I've recently started wondering about how much fatigue has played a role in my life and functional abilities and... well, such. (maybe I'll post those thoughts later). Stress and fatigue. And how much energy depression takes, and... so many things. I've experienced many many years of crap, and a handful of years where things were really good, and calm and quiet, and now I'm in this in-between state, and have been for a couple years. I'm still trying to figure out what to expect of myself, and where I should expect my autism issues to be (or not be) etc. It's all pretty weird,=.
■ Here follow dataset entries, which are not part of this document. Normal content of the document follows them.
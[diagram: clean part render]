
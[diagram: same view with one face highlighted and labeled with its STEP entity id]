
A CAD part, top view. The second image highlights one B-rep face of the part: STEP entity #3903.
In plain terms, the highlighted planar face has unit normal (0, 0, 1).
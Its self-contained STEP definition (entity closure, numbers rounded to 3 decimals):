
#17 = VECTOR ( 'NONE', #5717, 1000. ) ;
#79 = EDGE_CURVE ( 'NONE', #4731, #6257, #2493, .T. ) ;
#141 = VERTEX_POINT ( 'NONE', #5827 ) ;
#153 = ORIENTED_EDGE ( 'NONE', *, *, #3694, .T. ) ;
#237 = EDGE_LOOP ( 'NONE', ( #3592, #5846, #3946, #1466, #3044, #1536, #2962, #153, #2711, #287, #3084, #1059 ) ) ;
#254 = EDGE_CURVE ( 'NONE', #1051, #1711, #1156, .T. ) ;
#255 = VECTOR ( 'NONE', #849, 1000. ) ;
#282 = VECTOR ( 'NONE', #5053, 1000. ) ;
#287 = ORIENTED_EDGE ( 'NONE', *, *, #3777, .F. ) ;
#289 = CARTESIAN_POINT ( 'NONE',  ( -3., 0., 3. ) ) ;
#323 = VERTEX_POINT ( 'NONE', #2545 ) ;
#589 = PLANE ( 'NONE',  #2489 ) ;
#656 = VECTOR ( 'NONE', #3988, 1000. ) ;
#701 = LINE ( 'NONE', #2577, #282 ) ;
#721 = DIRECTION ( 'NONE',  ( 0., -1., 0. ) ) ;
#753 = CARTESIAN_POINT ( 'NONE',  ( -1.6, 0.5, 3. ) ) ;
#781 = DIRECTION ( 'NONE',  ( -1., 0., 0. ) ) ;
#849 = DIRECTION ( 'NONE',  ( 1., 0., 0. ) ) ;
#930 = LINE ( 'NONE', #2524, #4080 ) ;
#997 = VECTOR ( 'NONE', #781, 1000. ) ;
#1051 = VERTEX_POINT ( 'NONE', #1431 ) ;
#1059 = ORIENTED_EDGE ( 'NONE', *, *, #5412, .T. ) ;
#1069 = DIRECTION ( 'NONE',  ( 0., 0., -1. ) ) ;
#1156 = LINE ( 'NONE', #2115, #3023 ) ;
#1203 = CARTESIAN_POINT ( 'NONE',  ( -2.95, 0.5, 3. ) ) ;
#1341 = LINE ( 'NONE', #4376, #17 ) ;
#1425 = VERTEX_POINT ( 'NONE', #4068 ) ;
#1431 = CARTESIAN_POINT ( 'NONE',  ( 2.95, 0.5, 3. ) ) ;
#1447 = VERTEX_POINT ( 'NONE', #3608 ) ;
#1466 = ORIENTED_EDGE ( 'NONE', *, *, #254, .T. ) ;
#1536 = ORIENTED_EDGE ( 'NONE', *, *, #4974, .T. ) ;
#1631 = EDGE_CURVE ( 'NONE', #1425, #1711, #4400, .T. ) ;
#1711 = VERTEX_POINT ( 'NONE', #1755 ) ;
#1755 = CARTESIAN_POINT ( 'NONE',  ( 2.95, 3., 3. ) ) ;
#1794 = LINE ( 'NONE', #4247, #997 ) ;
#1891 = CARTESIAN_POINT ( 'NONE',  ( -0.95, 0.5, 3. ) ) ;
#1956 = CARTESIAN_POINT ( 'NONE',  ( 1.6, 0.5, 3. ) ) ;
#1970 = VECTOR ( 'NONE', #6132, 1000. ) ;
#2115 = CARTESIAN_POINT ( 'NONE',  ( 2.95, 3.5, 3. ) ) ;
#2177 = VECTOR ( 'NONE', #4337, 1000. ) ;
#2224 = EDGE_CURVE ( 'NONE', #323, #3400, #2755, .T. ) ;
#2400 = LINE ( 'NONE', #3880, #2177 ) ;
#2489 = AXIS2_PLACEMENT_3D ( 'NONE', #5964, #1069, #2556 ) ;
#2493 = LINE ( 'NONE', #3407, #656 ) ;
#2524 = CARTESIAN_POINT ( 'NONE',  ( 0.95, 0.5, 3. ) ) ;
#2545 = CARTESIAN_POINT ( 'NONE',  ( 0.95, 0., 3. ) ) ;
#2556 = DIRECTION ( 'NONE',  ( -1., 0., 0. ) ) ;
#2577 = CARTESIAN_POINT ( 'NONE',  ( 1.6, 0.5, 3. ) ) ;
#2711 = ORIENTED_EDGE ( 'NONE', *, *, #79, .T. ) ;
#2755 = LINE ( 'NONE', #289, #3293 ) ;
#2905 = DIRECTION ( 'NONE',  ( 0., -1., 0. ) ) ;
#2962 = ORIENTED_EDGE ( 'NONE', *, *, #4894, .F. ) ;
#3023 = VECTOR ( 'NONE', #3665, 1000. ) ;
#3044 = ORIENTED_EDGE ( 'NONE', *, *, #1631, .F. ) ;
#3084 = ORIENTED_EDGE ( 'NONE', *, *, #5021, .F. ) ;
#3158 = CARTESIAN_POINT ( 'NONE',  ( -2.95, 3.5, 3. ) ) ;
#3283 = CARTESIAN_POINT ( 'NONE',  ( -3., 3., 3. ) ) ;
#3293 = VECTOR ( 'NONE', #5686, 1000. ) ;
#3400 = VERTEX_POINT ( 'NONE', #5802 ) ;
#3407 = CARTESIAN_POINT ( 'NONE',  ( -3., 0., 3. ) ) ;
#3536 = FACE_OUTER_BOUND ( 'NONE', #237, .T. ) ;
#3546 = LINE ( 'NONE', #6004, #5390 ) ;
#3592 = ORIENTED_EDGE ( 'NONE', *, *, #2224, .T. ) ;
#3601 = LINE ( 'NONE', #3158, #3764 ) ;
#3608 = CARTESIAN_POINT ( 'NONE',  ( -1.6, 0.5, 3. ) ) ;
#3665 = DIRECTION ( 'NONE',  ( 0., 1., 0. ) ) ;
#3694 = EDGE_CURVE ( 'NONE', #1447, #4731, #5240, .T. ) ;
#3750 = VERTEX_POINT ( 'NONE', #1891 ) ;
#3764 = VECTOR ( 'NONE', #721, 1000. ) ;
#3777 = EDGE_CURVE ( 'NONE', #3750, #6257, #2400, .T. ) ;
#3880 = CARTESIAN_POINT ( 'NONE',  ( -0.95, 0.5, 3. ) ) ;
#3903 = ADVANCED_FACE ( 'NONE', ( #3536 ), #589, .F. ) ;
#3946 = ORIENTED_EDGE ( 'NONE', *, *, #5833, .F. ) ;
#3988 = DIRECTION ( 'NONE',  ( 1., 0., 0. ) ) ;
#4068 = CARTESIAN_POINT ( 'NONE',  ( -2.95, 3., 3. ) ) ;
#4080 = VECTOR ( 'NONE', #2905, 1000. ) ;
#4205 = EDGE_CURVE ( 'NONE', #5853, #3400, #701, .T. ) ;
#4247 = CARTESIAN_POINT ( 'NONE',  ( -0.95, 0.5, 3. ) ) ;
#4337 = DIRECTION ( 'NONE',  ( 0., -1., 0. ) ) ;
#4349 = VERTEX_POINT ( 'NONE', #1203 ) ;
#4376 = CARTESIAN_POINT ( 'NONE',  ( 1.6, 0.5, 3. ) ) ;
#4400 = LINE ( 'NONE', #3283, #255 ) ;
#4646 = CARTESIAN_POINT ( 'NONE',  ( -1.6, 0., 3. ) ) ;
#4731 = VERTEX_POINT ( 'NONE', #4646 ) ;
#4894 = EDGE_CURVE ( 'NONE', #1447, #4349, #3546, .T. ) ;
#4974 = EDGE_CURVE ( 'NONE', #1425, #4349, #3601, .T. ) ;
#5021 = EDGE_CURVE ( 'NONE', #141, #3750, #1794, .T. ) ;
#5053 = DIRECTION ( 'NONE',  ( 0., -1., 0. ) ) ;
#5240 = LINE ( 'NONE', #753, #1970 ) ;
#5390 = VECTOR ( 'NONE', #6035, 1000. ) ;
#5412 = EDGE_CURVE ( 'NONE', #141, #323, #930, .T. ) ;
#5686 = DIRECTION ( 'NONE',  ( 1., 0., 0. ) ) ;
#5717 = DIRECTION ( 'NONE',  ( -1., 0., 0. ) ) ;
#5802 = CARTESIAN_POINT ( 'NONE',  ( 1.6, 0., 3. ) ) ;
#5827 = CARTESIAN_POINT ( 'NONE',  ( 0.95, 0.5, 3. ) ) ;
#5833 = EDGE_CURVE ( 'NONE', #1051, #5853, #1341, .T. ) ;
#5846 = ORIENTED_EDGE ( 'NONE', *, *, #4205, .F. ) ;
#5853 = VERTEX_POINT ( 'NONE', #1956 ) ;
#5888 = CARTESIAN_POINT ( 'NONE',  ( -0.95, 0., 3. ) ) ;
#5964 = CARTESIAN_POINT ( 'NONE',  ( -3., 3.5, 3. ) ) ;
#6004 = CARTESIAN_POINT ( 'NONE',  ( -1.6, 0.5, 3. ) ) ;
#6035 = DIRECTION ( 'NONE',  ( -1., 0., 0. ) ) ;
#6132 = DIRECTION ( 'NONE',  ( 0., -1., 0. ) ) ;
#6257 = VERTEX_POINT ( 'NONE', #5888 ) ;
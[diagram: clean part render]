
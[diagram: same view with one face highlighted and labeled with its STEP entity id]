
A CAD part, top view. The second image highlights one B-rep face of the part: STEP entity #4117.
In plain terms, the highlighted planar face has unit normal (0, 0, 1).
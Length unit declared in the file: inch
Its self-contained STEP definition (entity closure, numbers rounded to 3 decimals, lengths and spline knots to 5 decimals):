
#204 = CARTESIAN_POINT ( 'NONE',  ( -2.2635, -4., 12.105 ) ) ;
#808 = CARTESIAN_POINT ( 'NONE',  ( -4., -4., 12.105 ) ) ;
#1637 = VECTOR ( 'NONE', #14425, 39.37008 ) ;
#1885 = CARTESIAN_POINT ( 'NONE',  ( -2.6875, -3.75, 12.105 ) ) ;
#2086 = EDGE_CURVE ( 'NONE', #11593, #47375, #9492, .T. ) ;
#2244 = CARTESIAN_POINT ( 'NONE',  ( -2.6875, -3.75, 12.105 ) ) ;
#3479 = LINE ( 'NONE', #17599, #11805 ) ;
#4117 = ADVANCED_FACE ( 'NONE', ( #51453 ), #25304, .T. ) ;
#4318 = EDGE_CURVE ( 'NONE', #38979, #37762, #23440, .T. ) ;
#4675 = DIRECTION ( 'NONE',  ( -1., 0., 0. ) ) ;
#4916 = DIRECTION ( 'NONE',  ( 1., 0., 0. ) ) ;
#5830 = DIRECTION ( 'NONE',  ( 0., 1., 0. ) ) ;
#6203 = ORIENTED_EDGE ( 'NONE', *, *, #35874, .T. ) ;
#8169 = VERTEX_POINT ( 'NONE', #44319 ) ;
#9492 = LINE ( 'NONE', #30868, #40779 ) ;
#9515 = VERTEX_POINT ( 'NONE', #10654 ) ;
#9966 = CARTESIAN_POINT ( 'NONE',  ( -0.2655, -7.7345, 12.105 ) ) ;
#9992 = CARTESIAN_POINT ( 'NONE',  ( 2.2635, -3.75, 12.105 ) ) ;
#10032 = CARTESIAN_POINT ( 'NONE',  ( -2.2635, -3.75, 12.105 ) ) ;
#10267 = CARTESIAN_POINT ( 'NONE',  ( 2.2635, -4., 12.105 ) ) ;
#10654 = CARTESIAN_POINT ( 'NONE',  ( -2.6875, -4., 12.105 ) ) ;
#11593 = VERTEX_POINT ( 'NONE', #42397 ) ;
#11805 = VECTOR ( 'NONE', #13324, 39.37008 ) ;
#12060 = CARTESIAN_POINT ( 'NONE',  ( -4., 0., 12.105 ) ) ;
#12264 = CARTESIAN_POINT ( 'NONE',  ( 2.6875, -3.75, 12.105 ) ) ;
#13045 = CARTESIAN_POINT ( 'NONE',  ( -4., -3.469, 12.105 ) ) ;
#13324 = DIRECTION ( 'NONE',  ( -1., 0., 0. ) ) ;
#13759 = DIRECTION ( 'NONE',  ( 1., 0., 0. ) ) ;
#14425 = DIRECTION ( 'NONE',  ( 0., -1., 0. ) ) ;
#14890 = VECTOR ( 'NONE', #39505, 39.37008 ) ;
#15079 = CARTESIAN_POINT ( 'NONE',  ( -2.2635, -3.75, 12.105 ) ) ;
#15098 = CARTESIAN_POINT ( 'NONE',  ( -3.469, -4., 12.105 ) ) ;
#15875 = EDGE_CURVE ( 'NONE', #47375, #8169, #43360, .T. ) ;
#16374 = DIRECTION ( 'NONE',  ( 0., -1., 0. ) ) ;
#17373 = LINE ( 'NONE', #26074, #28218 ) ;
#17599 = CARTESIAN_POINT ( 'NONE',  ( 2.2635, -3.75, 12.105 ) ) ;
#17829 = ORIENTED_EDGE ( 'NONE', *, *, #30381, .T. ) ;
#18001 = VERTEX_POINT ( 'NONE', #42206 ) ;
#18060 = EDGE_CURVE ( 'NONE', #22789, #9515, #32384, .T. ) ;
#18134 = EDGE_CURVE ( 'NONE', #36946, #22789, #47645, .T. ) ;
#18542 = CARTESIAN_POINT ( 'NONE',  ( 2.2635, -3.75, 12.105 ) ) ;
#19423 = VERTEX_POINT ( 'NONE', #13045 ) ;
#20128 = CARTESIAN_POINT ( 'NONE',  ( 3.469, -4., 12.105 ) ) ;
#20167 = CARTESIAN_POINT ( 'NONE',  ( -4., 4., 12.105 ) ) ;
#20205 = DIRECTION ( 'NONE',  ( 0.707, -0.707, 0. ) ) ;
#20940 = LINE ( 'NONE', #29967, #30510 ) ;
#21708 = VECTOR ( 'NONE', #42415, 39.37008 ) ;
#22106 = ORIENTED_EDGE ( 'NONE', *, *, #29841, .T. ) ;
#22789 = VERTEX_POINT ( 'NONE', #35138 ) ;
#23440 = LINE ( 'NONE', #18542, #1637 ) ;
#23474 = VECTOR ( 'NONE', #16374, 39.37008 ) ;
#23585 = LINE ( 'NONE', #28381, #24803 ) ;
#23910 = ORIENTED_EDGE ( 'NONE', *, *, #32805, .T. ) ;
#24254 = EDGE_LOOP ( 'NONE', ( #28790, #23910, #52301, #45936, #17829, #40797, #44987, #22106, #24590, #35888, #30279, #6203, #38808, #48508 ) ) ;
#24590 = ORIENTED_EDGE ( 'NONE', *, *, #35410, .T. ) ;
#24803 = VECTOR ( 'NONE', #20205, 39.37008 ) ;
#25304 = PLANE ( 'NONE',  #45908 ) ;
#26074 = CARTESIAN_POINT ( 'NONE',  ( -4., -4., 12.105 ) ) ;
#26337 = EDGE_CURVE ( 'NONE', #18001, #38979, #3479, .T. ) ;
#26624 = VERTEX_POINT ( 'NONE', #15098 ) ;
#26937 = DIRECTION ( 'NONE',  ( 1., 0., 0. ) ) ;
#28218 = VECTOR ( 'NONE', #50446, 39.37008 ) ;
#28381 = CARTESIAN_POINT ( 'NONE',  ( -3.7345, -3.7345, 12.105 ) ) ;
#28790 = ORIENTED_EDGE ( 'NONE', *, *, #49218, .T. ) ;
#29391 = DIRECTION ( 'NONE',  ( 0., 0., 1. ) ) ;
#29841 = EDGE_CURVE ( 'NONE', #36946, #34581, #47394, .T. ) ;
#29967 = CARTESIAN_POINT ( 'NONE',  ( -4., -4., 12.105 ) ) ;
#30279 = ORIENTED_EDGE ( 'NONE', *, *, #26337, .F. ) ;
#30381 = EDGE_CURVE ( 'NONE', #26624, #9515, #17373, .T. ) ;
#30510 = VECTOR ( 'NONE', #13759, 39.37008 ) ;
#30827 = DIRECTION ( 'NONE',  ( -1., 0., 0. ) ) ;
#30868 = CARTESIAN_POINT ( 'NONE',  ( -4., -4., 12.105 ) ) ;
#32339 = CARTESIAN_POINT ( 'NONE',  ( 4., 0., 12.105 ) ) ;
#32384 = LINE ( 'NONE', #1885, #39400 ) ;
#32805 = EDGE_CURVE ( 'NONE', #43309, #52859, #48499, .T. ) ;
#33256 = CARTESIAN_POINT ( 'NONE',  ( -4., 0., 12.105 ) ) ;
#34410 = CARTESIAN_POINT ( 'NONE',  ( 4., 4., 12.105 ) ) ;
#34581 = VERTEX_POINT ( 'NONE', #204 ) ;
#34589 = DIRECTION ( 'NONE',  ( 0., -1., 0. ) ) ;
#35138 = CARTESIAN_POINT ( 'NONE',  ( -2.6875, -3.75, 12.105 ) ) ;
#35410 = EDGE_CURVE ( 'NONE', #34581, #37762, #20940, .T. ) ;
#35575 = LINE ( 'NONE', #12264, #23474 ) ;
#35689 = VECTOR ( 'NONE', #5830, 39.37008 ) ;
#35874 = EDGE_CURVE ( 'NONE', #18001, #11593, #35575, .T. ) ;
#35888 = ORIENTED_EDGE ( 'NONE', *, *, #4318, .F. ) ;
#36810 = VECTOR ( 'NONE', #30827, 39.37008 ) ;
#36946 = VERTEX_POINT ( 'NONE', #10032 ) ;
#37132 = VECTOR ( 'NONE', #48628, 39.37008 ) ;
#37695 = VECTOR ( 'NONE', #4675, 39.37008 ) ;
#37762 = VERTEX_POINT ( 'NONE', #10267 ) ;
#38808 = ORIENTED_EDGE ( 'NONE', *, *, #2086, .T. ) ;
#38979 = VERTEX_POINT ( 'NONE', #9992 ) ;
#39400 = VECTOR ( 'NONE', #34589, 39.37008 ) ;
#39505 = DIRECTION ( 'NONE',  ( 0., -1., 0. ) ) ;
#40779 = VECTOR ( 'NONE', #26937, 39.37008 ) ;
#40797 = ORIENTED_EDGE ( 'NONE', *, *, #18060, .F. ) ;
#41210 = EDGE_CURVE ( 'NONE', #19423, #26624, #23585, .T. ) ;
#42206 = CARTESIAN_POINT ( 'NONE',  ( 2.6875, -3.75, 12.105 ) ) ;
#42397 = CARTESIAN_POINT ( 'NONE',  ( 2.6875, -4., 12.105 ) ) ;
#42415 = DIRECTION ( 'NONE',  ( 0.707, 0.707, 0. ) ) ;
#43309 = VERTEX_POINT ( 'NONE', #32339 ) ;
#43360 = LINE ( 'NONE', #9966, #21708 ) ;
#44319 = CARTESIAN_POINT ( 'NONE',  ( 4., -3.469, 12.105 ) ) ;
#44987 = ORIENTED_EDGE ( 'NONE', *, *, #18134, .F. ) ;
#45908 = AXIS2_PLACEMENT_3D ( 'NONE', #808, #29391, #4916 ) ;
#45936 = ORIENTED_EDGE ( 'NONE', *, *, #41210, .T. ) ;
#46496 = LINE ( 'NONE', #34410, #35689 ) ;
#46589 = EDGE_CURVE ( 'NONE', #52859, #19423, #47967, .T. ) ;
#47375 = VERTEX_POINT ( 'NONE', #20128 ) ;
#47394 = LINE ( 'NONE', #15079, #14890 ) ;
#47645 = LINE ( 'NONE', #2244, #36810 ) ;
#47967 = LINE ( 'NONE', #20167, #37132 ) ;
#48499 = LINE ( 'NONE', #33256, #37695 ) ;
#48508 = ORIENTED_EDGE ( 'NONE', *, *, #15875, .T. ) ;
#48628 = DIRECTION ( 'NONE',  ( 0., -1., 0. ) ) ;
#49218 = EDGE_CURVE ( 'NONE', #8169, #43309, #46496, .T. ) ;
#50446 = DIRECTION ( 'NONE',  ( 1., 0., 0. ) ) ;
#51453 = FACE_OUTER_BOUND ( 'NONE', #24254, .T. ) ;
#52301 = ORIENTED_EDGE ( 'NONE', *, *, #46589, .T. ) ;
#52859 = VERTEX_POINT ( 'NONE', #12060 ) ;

... Anyways, to answer your question about how I got out of it, I think I'd have to say it was a combination of graduating university, and therefore not having that stress, antidepressant medication, and several years 'off', where I didn't/don't have the stress of having to participate in the world unless I want to. At first I really, really, needed some time to myself (more than the few months of 'medical leave' or whatever between school years, or even the year or year and a half between degrees), and that took 2-3 years. I did do some volunteer research work for a bit, from home, but then gave that up. And then, I started trying to mentally sort out some of the traumatic experiences I'd had near the end (oh, and I supposed there was also delayed grief from a death in the family), but ran into difficulty, as I didn't have the energy to do it all myself, though I'm typically pretty good at such, so I started searching out a therapist who had experience with both autism and trauma (both very important, as just anyone isn't going to have a clue, and probably just make things worse!). While I was waiting for that to work out, I started writing an autobiography, so I'd know what I wanted to tell them, when I found somebody. That helped. As did discussing it with my current autism specialist (and psychologist) after she volunteered to help. And as the writing progressed. (I did it off and on, as the mood struck.)
Somewhere along the way, I was able to learn how to regain various skills and abilities I'd lost along the way, when I was so knee deep in University, and fighting with 'the system', etc. (and working on the whole identity formation/adulthood thing, which I'm beginning to think, more and more may have had as much to do with everything, as anything else. It took up a lot of energy!)